Extracted records
-*-*-

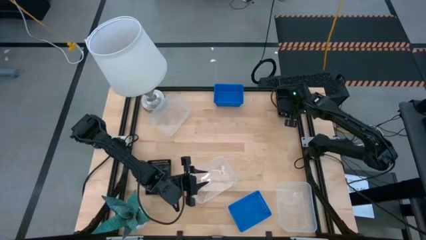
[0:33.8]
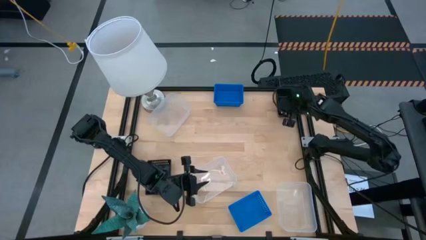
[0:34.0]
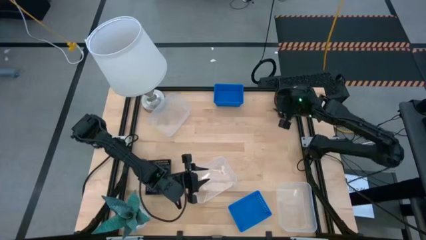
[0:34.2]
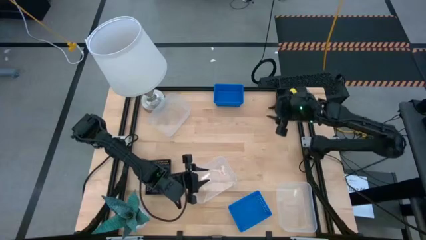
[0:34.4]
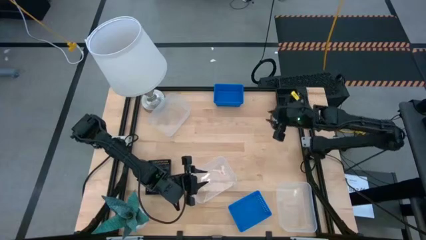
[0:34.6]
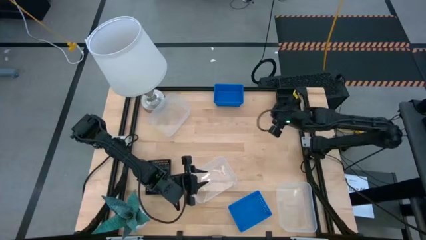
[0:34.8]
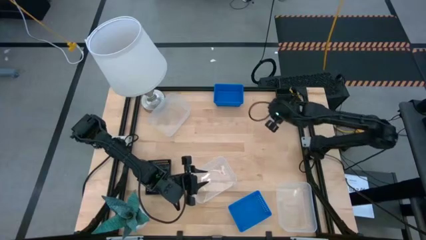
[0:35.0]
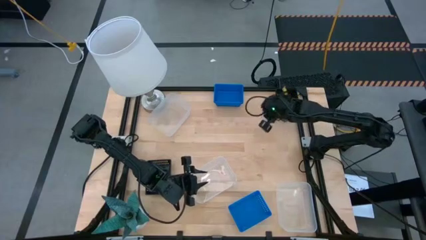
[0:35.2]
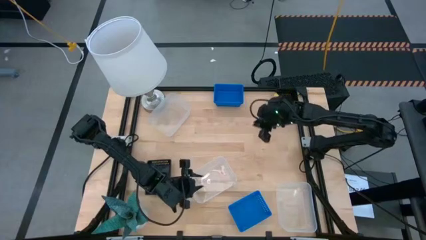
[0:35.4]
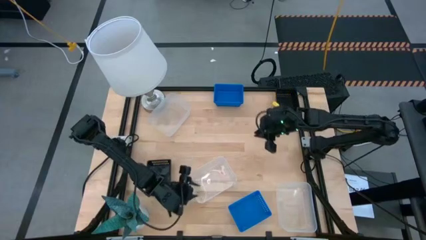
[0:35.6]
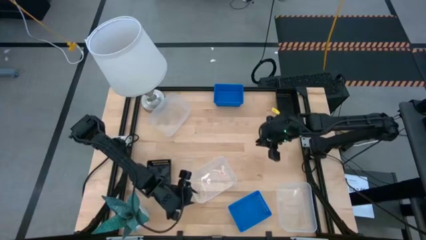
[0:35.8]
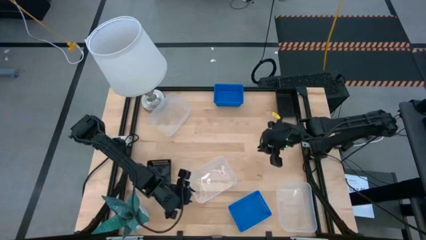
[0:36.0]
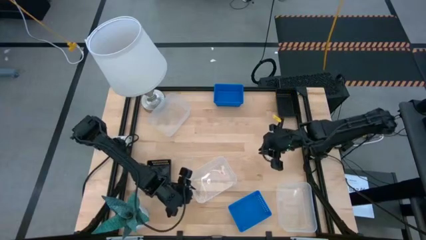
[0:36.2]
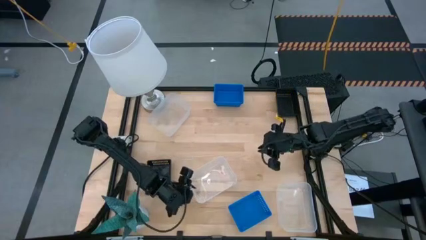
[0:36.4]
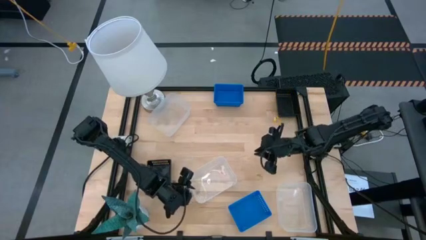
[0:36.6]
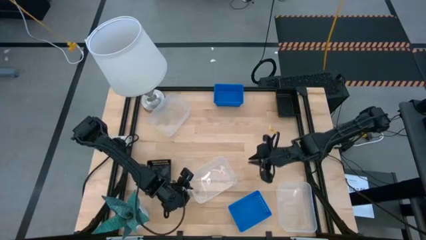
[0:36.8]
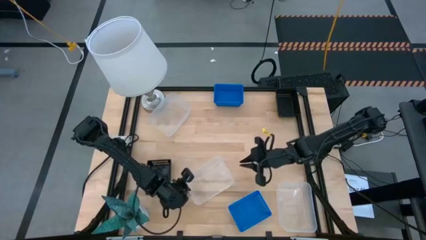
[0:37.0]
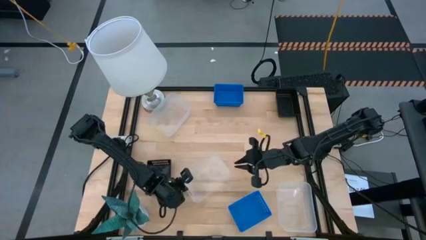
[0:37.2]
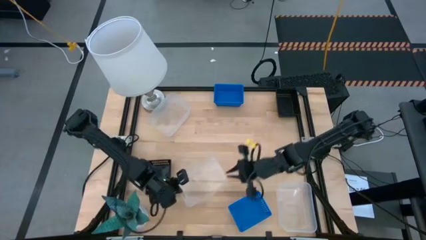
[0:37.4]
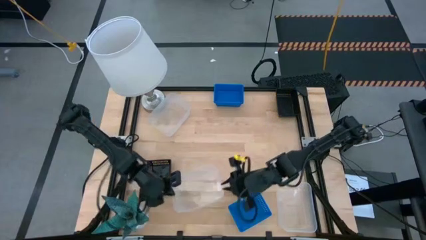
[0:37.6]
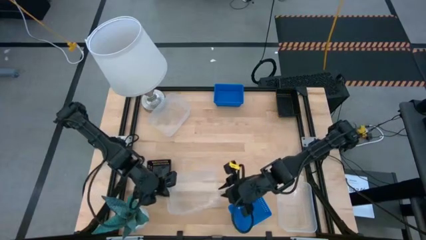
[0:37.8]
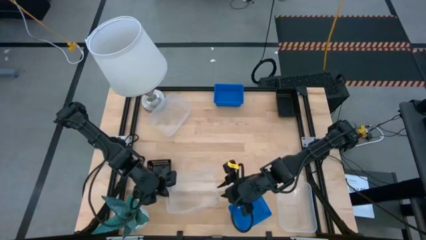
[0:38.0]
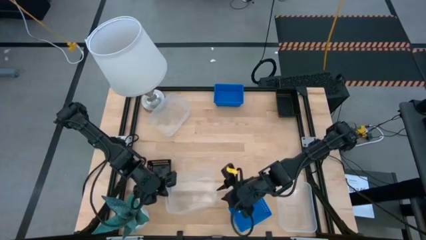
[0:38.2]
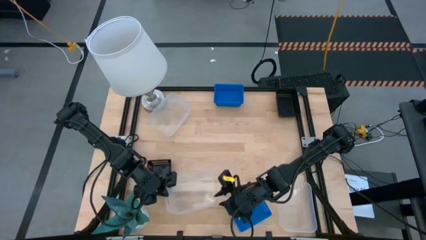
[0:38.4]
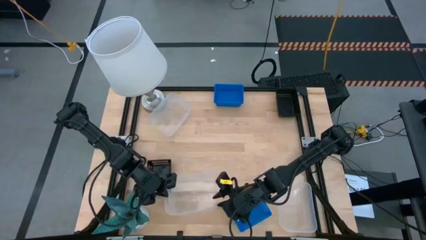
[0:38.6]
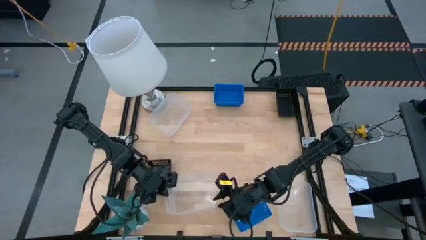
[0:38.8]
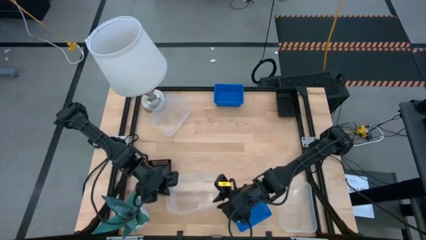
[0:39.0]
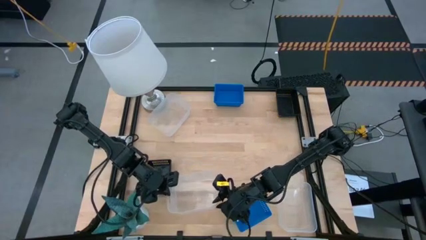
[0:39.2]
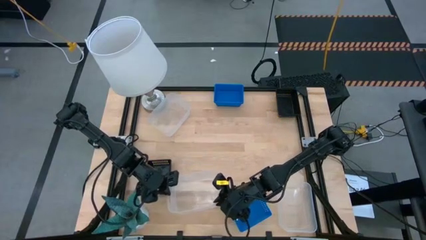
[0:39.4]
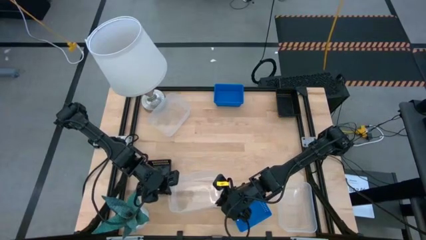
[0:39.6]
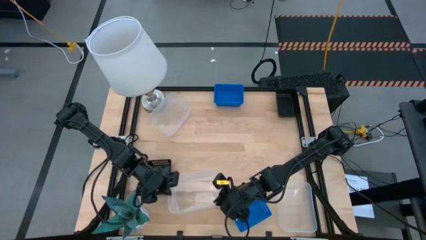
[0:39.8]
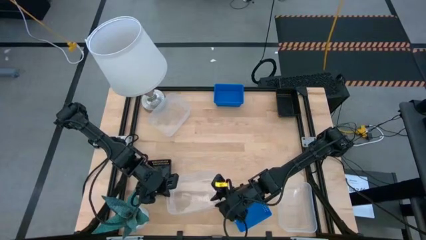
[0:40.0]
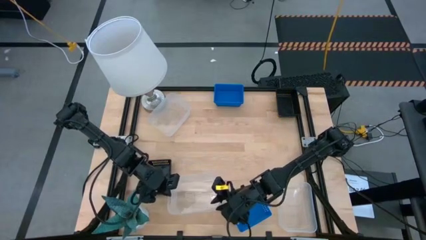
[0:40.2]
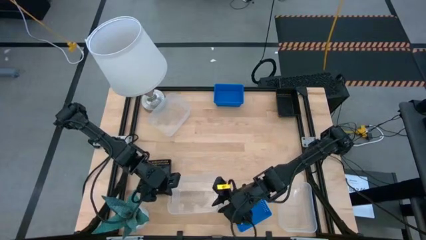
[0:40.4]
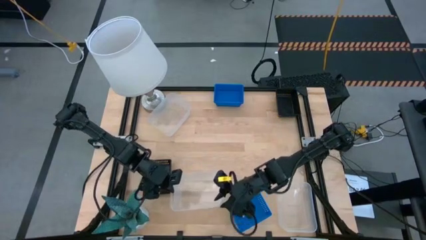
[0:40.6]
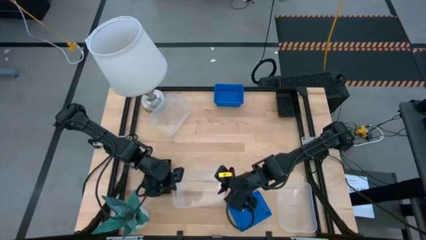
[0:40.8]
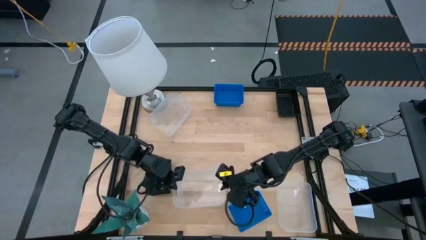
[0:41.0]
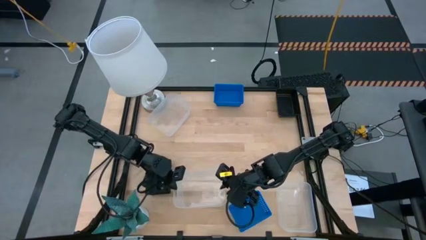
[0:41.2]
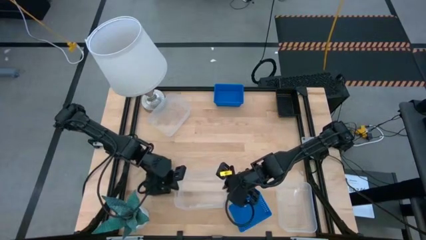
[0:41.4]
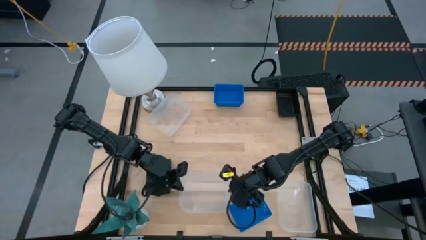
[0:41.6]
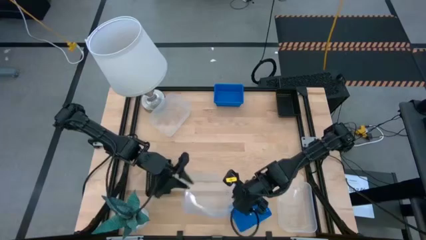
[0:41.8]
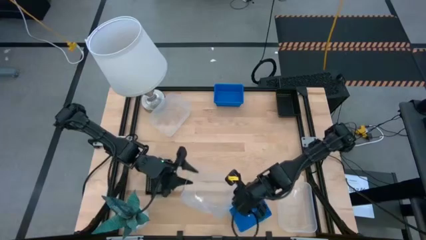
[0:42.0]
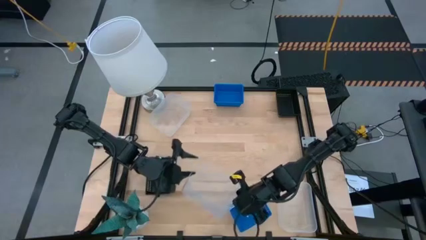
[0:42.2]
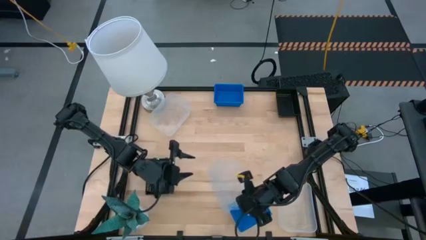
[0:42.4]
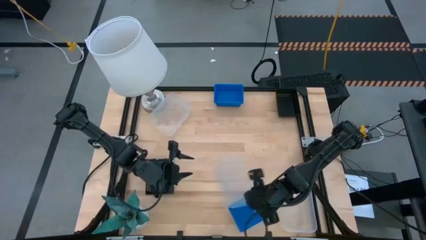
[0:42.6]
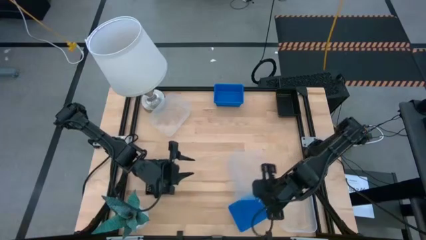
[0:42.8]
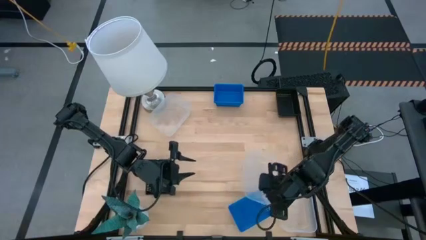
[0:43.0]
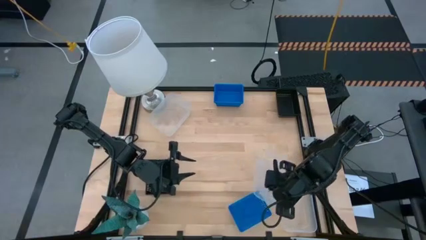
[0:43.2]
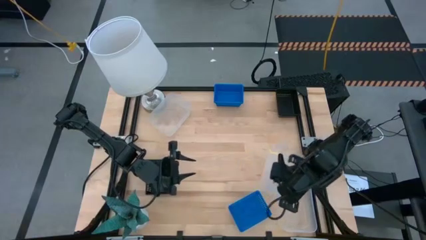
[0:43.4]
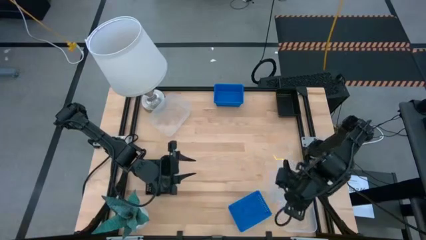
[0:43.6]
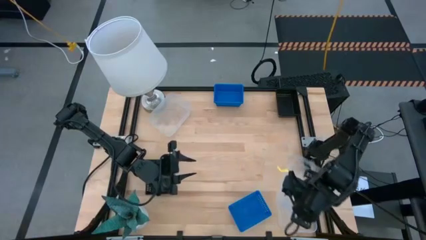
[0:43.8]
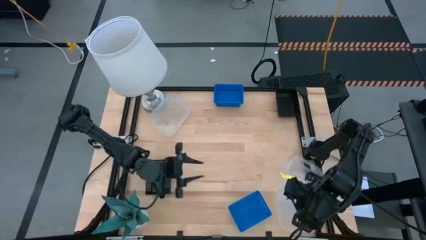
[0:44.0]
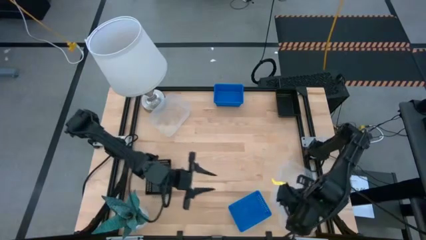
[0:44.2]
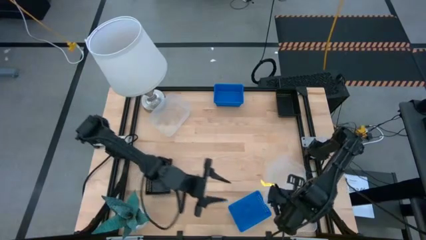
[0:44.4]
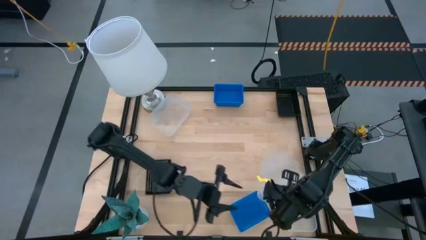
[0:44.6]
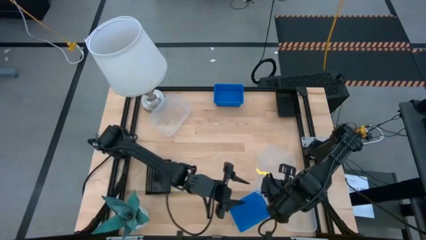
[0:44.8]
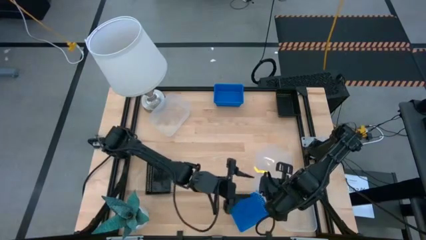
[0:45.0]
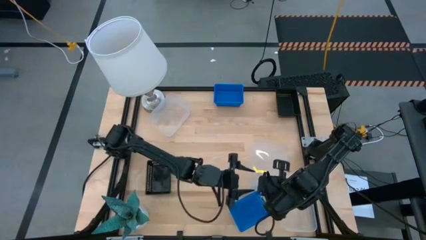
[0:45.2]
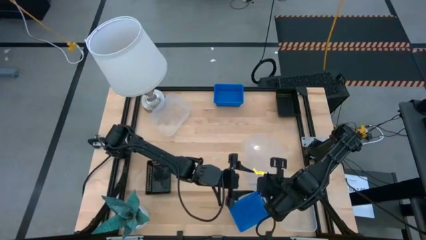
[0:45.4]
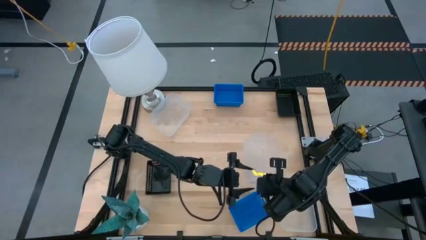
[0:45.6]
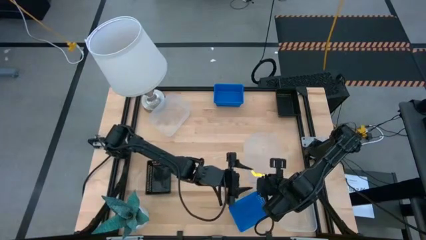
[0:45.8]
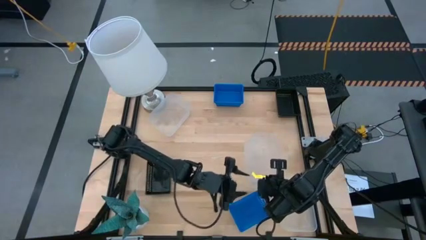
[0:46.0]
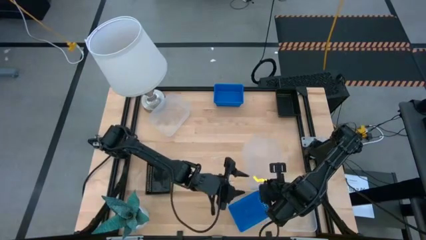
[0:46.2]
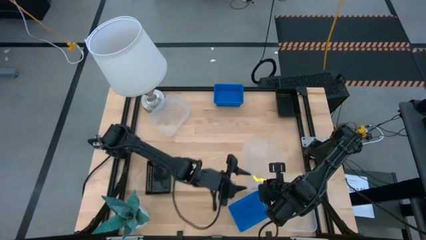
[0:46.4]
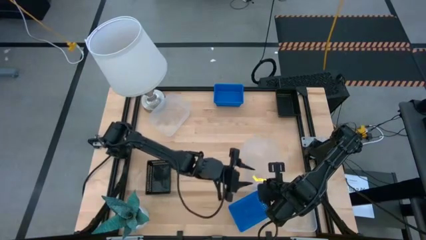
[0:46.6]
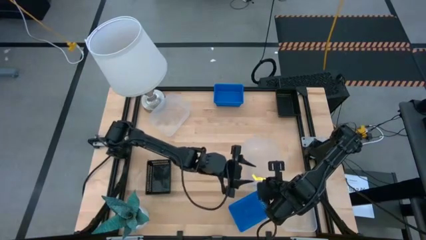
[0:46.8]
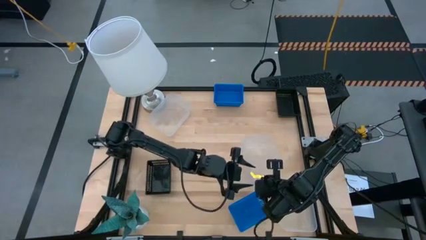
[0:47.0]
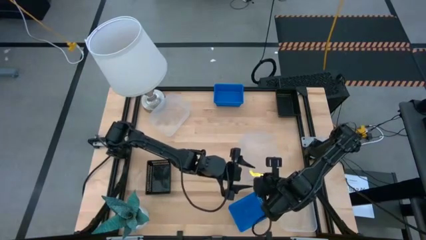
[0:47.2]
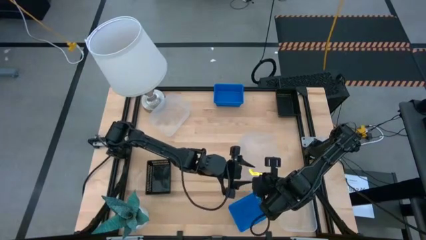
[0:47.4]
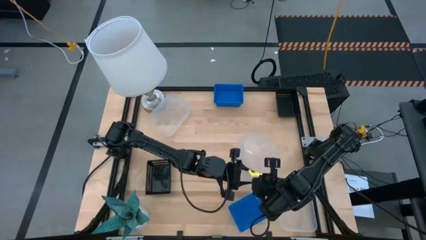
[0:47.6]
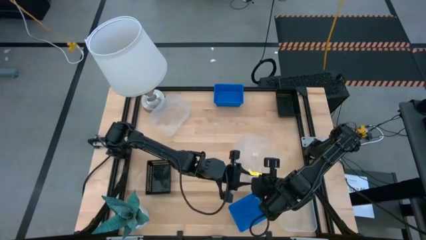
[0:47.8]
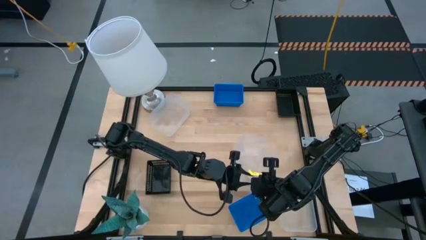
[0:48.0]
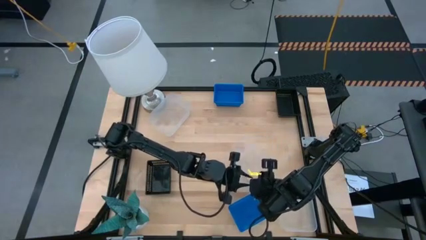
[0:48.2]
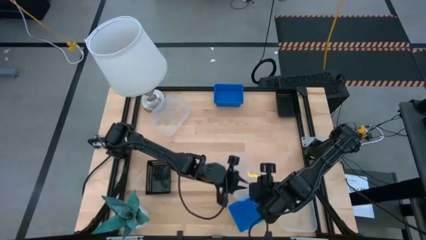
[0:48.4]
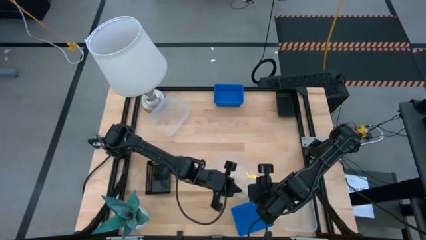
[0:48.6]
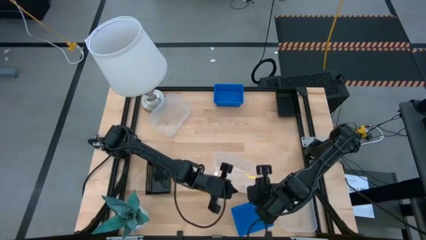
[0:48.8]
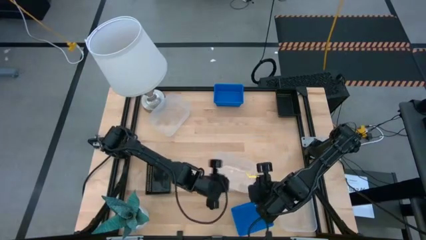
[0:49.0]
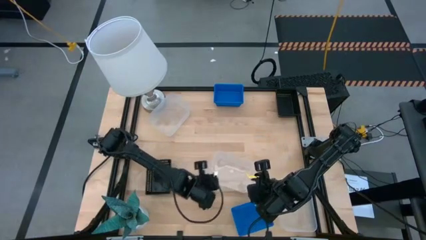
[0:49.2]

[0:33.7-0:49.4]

-*-*-

▸ **What is being asked**:
If pictures appear in the data, omit them and copy all other parts exactly.

▸ **Output of the exercise**:
[0:33.8]
[0:34.0]
[0:34.2]
[0:34.4]
[0:34.6]
[0:34.8]
[0:35.0]
[0:35.2]
[0:35.4]
[0:35.6]
[0:35.8]
[0:36.0]
[0:36.2]
[0:36.4]
[0:36.6]
[0:36.8]
[0:37.0]
[0:37.2]
[0:37.4]
[0:37.6]
[0:37.8]
[0:38.0]
[0:38.2]
[0:38.4]
[0:38.6]
[0:38.8]
[0:39.0]
[0:39.2]
[0:39.4]
[0:39.6]
[0:39.8]
[0:40.0]
[0:40.2]
[0:40.4]
[0:40.6]
[0:40.8]
[0:41.0]
[0:41.2]
[0:41.4]
[0:41.6]
[0:41.8]
[0:42.0]
[0:42.2]
[0:42.4]
[0:42.6]
[0:42.8]
[0:43.0]
[0:43.2]
[0:43.4]
[0:43.6]
[0:43.8]
[0:44.0]
[0:44.2]
[0:44.4]
[0:44.6]
[0:44.8]
[0:45.0]
[0:45.2]
[0:45.4]
[0:45.6]
[0:45.8]
[0:46.0]
[0:46.2]
[0:46.4]
[0:46.6]
[0:46.8]
[0:47.0]
[0:47.2]
[0:47.4]
[0:47.6]
[0:47.8]
[0:48.0]
[0:48.2]
[0:48.4]
[0:48.6]
[0:48.8]
[0:49.0]
[0:49.2]

[0:33.7-0:49.4]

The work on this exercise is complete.